(Data records)
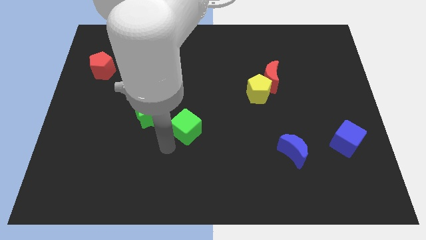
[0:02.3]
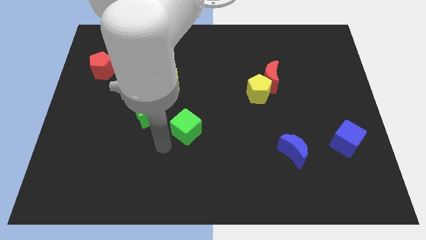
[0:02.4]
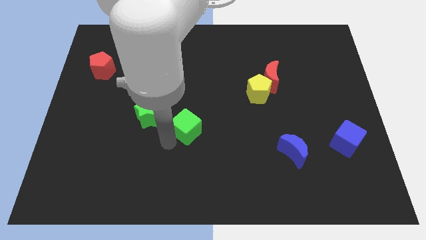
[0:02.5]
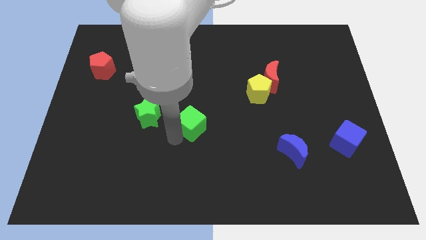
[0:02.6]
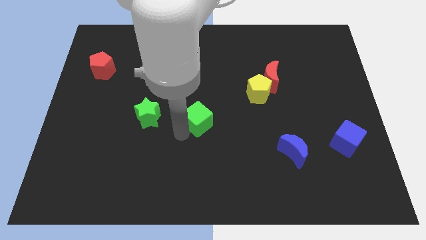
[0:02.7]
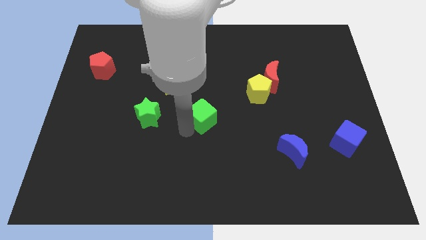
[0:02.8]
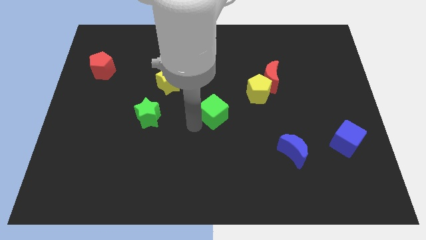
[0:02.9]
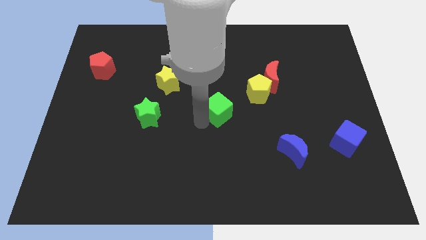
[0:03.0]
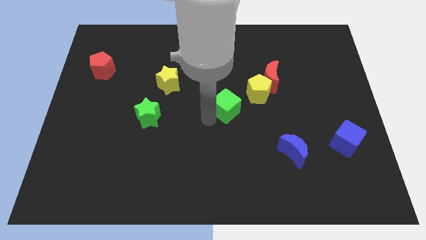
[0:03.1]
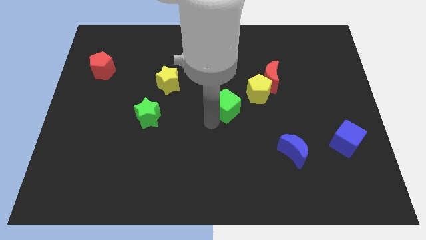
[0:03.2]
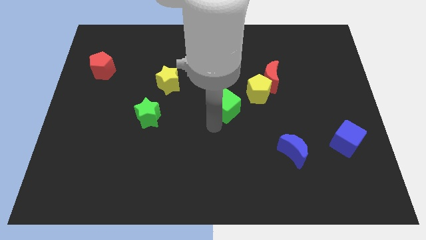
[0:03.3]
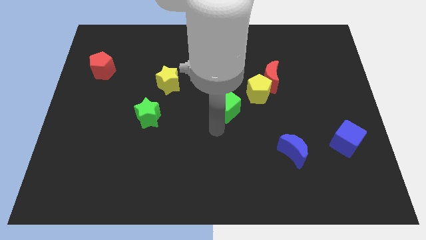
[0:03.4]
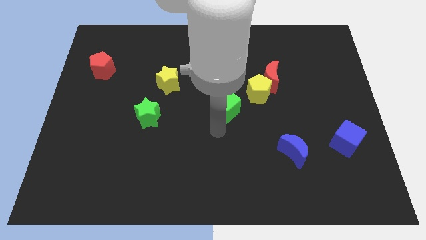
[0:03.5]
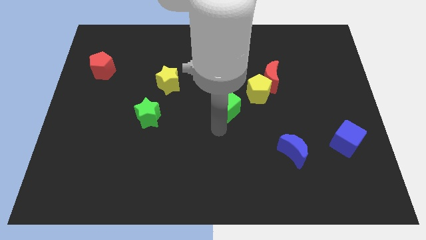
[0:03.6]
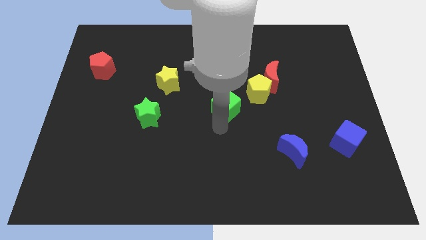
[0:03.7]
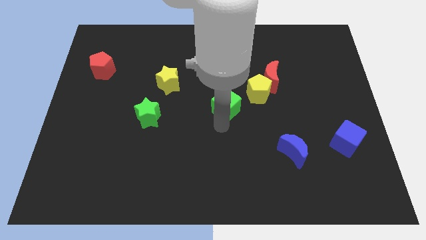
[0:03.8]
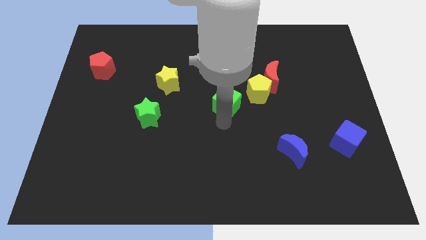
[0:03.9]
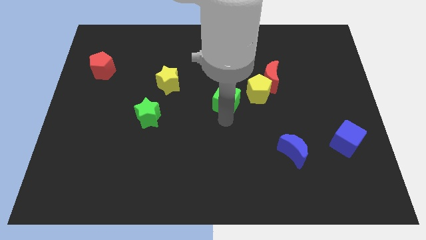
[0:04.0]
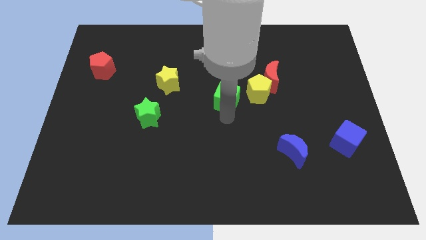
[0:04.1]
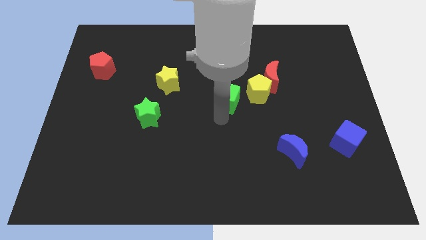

Task details. Each line of the data above is to be output exactly; the pictures are not to appear.

Written response.
[0:02.3]
[0:02.4]
[0:02.5]
[0:02.6]
[0:02.7]
[0:02.8]
[0:02.9]
[0:03.0]
[0:03.1]
[0:03.2]
[0:03.3]
[0:03.4]
[0:03.5]
[0:03.6]
[0:03.7]
[0:03.8]
[0:03.9]
[0:04.0]
[0:04.1]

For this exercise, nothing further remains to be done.